After discovering what had happened, Ditum went further than most parents — as well as contacting Apple, he tracked down the developer behind Fantasy Manager at From the Bench. "I found out his email and contacted him to tell him how unhappy I was and made it clear to both him and Apple that what really bothered me was this issue around the password."

What bothered Ditum was that neither he nor his wife had entered the device password — and there was no way his son could've known it. The family had multiple Apple devices, which was one possible cause, but no explanation was forthcoming about how these IAPs had gone through.

"Neither of them engaged with that," says Ditum. "They just refunded the money." And they refused to discuss the issue further.

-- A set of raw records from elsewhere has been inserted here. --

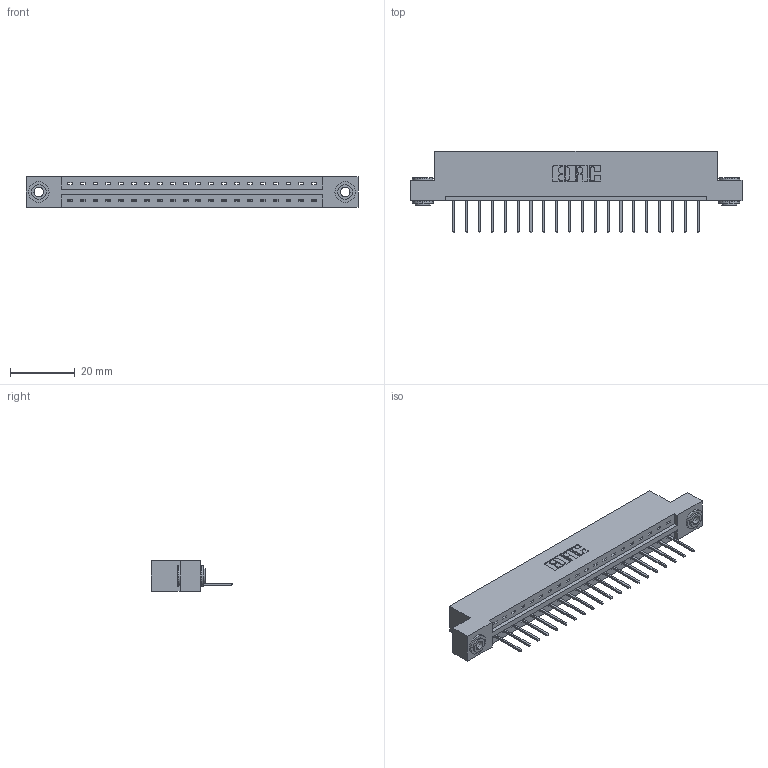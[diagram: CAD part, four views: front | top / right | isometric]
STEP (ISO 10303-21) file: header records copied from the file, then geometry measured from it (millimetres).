
FILE_DESCRIPTION (( 'STEP AP203' ), '1' );
FILE_NAME ('387-020-523-103.STEP', '2018-09-13T07:48:56', ( '' ), ( '' ), 'SwSTEP 2.0', 'SolidWorks 2016', '' );
FILE_SCHEMA (( 'CONFIG_CONTROL_DESIGN' ));
Length unit declared in the file: inch
Products named in the file (4): 345-250-002_345-250-002-102; 387-020-523-103; 337 Part_Flush Mounting Lugs - 0.156 Dia-TH; 345-292-001_345-293-123
Assembly tree (23 placements, depth 2):
  387-020-523-103
    337 Part_Flush Mounting Lugs - 0.156 Dia-TH
    345-292-001_345-293-123  x20
    345-250-002_345-250-002-102  x2
Bounding box: 102.26 x 25.15 x 9.4 mm (x, y, z)
Volume: 10364.6 mm3; surface area: 10838.5 mm2
Topology: 23 solids, 23 shells, 1392 faces, 4147 edges, 2734 vertices
Faces by surface type: plane 1000, cylinder 384, cone 8
Entity records: 18380 total; most frequent: CARTESIAN_POINT 3177, ORIENTED_EDGE 3126, DIRECTION 2753, EDGE_CURVE 1563, VECTOR 1411, LINE 1411, VERTEX_POINT 1038, AXIS2_PLACEMENT_3D 671

Yet that wasn't the end of it. After the fourth charge came through, Ditum's bank put a hold on his account as a precaution, viewing the activity as suspicious.

"That's a flag in itself, isn't it?" Ditum says. "If IAPs can turn up on a system designed to spot credit card fraud, that suggests something's not right."

Child's Play

"In order to be successful in freemium games," says Björn Jeffery, CEO and cofounder of children's developer Toca Boca, "you have to build something that is very heavily gamified and with fictitious constraints, which you can then accelerate by spending more money.

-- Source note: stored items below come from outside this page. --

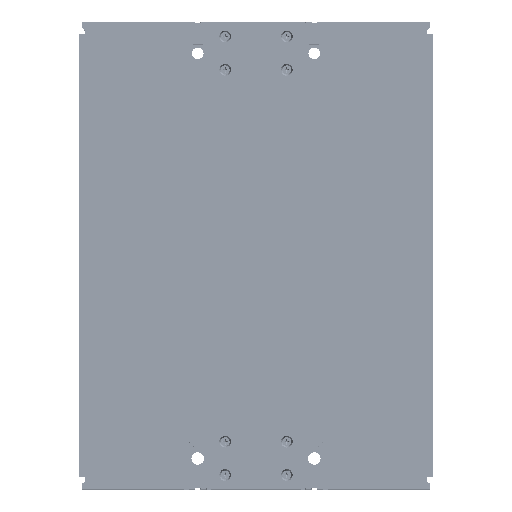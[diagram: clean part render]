
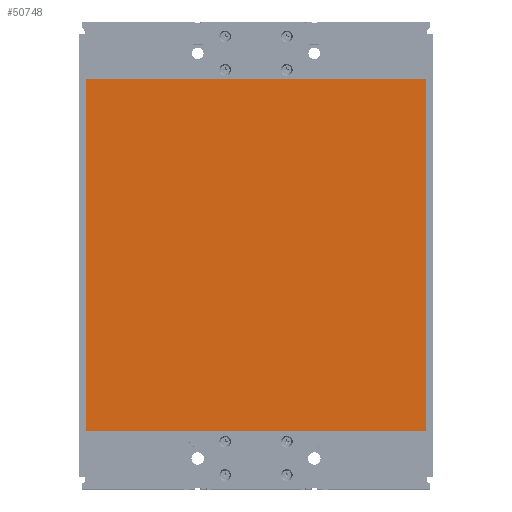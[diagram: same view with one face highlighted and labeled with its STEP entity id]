
A CAD part, top view. The second image highlights one B-rep face of the part: STEP entity #50748.
In plain terms, the highlighted planar face has unit normal (0, 0, 1).
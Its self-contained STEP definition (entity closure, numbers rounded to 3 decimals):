
#50669=DIRECTION('',(0.,1.,0.));
#50670=VECTOR('',#50669,211.1);
#50671=CARTESIAN_POINT('',(-422.092,-58.285,120.2));
#50672=LINE('',#50671,#50670);
#50673=DIRECTION('',(1.,0.,0.));
#50674=VECTOR('',#50673,204.7);
#50675=CARTESIAN_POINT('',(-422.092,152.815,120.2));
#50676=LINE('',#50675,#50674);
#50677=DIRECTION('',(0.,-1.,0.));
#50678=VECTOR('',#50677,211.1);
#50679=CARTESIAN_POINT('',(-217.392,152.815,120.2));
#50680=LINE('',#50679,#50678);
#50681=DIRECTION('',(-1.,0.,0.));
#50682=VECTOR('',#50681,204.7);
#50683=CARTESIAN_POINT('',(-217.392,-58.285,120.2));
#50684=LINE('',#50683,#50682);
#50717=CARTESIAN_POINT('',(-422.092,-58.285,120.2));
#50718=CARTESIAN_POINT('',(-422.092,152.815,120.2));
#50719=VERTEX_POINT('',#50717);
#50720=VERTEX_POINT('',#50718);
#50721=CARTESIAN_POINT('',(-217.392,152.815,120.2));
#50722=VERTEX_POINT('',#50721);
#50723=CARTESIAN_POINT('',(-217.392,-58.285,120.2));
#50724=VERTEX_POINT('',#50723);
#50733=CARTESIAN_POINT('',(-354.742,46.415,120.2));
#50734=DIRECTION('',(0.,0.,-1.));
#50735=DIRECTION('',(0.,1.,0.));
#50736=AXIS2_PLACEMENT_3D('',#50733,#50734,#50735);
#50737=PLANE('',#50736);
#50739=ORIENTED_EDGE('',*,*,#50738,.T.);
#50741=ORIENTED_EDGE('',*,*,#50740,.T.);
#50743=ORIENTED_EDGE('',*,*,#50742,.T.);
#50745=ORIENTED_EDGE('',*,*,#50744,.T.);
#50746=EDGE_LOOP('',(#50739,#50741,#50743,#50745));
#50747=FACE_OUTER_BOUND('',#50746,.F.);
#50748=ADVANCED_FACE('',(#50747),#50737,.F.);
#50738=EDGE_CURVE('',#50719,#50720,#50672,.T.);
#50740=EDGE_CURVE('',#50720,#50722,#50676,.T.);
#50742=EDGE_CURVE('',#50722,#50724,#50680,.T.);
#50744=EDGE_CURVE('',#50724,#50719,#50684,.T.);

"This is intrinsically different from trying to make something that children will love."

Since 2010, Stockholm-based Toca Boca's games have amassed over 50 million downloads and countless awards and five-star ratings. Toca Boca calls its critically acclaimed productions "toys" because they're free of overtly gamey apparatus-like levels and progression systems.

Toca Band, for example, gives players a stage and multiple characters then lets them mix and match the stage setup to play a song in thousands of arrangements. Toca Boca's games sell for an upfront cost with no in-app purchases and make what Jeffery calls a "healthy profit." In terms of children's app developers, this puts the studio in a vanishingly small minority.

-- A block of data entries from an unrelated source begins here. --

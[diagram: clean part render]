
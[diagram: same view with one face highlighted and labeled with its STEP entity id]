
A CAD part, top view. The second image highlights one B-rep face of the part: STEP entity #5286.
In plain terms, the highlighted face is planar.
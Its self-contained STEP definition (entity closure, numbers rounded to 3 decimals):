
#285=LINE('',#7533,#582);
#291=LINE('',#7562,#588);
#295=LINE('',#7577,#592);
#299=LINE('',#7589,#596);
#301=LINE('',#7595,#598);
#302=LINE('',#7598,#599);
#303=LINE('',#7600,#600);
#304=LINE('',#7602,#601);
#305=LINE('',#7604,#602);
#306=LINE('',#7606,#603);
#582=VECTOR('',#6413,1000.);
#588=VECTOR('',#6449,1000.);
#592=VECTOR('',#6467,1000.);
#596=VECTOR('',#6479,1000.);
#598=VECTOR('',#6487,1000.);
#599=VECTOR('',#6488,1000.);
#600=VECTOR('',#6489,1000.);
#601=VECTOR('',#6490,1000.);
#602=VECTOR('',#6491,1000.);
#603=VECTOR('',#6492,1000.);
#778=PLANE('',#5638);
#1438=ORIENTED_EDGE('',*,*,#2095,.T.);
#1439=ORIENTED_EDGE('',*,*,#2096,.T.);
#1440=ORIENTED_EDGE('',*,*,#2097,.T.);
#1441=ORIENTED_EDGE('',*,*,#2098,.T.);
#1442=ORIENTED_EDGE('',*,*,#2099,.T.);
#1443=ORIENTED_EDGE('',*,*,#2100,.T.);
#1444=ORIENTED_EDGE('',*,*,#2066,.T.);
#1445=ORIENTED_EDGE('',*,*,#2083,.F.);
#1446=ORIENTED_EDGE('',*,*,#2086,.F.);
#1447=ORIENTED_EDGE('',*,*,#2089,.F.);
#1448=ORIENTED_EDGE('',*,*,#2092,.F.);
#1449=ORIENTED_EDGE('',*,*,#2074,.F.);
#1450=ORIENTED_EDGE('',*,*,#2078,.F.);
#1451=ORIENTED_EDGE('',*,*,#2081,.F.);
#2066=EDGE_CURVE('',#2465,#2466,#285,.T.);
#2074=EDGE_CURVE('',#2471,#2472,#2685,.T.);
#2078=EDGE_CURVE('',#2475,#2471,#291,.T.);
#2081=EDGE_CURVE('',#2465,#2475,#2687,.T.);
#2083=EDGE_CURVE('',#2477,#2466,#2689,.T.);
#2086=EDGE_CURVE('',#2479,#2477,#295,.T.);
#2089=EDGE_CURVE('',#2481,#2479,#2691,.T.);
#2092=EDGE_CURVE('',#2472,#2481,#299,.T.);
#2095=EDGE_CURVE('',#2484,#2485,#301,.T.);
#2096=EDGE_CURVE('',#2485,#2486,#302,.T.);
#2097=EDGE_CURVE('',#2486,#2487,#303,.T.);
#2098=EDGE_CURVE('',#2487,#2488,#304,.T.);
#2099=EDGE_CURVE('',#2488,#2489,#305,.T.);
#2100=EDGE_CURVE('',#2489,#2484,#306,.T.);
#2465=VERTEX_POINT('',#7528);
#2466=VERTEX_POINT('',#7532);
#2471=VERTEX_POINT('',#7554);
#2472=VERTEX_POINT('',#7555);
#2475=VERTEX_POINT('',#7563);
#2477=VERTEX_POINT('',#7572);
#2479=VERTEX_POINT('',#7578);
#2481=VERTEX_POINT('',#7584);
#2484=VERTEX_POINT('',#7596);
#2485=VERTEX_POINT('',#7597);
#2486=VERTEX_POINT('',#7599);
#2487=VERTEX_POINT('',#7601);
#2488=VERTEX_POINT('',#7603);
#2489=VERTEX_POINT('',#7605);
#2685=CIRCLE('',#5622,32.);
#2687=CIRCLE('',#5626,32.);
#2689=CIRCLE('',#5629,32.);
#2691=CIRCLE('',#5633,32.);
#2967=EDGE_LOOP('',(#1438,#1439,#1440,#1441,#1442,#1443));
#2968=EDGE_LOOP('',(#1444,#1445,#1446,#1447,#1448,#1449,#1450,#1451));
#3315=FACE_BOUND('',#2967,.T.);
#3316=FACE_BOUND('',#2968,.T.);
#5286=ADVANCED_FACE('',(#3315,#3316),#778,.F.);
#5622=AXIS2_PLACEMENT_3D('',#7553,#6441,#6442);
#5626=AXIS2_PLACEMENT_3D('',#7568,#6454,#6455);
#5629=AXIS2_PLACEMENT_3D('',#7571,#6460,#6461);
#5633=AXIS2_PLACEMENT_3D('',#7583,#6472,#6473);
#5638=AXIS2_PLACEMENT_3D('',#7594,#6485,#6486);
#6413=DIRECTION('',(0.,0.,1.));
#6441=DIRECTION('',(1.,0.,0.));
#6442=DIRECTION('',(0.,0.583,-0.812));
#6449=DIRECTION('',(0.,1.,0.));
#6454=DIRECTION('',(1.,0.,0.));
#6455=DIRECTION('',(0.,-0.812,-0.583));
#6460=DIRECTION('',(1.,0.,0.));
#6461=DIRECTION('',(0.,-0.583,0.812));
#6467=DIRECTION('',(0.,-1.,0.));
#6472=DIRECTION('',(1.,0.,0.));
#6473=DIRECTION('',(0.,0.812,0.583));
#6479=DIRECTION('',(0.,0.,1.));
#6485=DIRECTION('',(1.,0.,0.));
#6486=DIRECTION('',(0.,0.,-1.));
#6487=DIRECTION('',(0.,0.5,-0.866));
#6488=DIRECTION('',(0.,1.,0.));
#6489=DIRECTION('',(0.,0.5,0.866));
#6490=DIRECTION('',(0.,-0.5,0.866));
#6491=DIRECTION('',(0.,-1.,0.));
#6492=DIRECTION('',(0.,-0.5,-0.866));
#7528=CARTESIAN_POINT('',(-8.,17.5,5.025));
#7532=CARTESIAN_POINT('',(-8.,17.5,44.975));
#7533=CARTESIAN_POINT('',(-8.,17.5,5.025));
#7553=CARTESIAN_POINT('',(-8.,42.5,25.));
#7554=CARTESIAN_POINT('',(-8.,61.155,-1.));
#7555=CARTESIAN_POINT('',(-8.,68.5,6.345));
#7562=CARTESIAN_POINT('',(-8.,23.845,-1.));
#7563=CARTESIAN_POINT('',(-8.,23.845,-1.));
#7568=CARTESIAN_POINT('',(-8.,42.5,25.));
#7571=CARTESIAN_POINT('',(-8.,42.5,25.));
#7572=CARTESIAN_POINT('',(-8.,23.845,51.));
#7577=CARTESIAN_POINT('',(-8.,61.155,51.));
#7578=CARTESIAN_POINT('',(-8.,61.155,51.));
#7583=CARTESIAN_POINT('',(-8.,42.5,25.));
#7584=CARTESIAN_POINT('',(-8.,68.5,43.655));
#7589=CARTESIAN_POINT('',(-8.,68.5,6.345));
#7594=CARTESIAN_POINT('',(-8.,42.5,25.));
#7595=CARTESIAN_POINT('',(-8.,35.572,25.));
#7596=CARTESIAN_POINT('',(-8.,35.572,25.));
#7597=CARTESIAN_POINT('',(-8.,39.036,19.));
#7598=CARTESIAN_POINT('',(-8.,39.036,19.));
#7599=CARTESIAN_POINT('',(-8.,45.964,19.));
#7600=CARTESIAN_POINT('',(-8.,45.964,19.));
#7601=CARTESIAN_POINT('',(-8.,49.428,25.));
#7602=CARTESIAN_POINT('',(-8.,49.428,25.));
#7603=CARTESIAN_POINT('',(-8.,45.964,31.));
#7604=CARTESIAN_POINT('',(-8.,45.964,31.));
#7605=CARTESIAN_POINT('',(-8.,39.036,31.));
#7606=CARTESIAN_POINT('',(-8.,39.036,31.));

"For Toca Boca, F2P was on the agenda before we even started," Jeffery says. "We quickly identified [IAPs] as a pain point for a lot of parents, creating an insecurity — 'What will happen when I give my kids this device?' — and not really knowing. That was one of the things we wanted to change. Unfortunately, not a lot has changed."

F2P business models are variations on making the consumer play the game first, then monetizing through advertising or, overwhelmingly, IAPs. The latter method of purchase is, as of December 2013, responsible for 92% of App Store revenue and 98% of Google Play revenue. And as these platforms make their way into more homes (55% of America's adult population owns a smartphone, and 42% owns a tablet), F2P models are increasingly dominant in children's games.

"The F2P space for kids is unfortunately a highly predatory one," says Jeffery. "There are a lot of developers doing things they must know and feel are not the right things to do. It is predatory, and it is lucrative. We make six apps a year. Companies like TabTale make 200. It's a machine, a freemium converting machine."

Moshi Monsters Village

"The bottom line is that it's extremely difficult to build a successful kids' mobile game with an upfront price," says Michael Acton Smith OBE, CEO and creative director at Mind Candy. "The vast majority of games in the App Store are free with IAP."

Moshi Monsters Village is Mind Candy's first F2P app, released on Dec. 24, 2013; its second F2P, Moshi Karts, followed it in February. Moshi Monsters Village is a town-builder; you start with one monster and, over days and weeks, collect more and build a village for them to live in.

The game's system is constructed around classic F2P principles: Players begin with a small quantity of premium currency, which they are immediately taught to use to speed up building times. There are countdown timers, an energy ("Gloop") meter limiting certain activities, and huge jumps in construction costs. It is a design meant to compartmentalize and artificially slow the player's progression so the player becomes tempted to buy a boost through IAP.

It is a game designed specifically for kids to play. It is also designed specifically to encourage players to spend money. These potentially conflicting goals are not lost on either Mind Candy or Apple.

As part of Apple's iOS 7 release for its tablets and smartphones, Apple introduced a kids category to the App Store. It divides apps into three age ranges, demands compliance with the Children's Online Privacy Protection Act and places restrictions on advertising and data collection. Apps placed into this section are, according to Apple, "suitable for children."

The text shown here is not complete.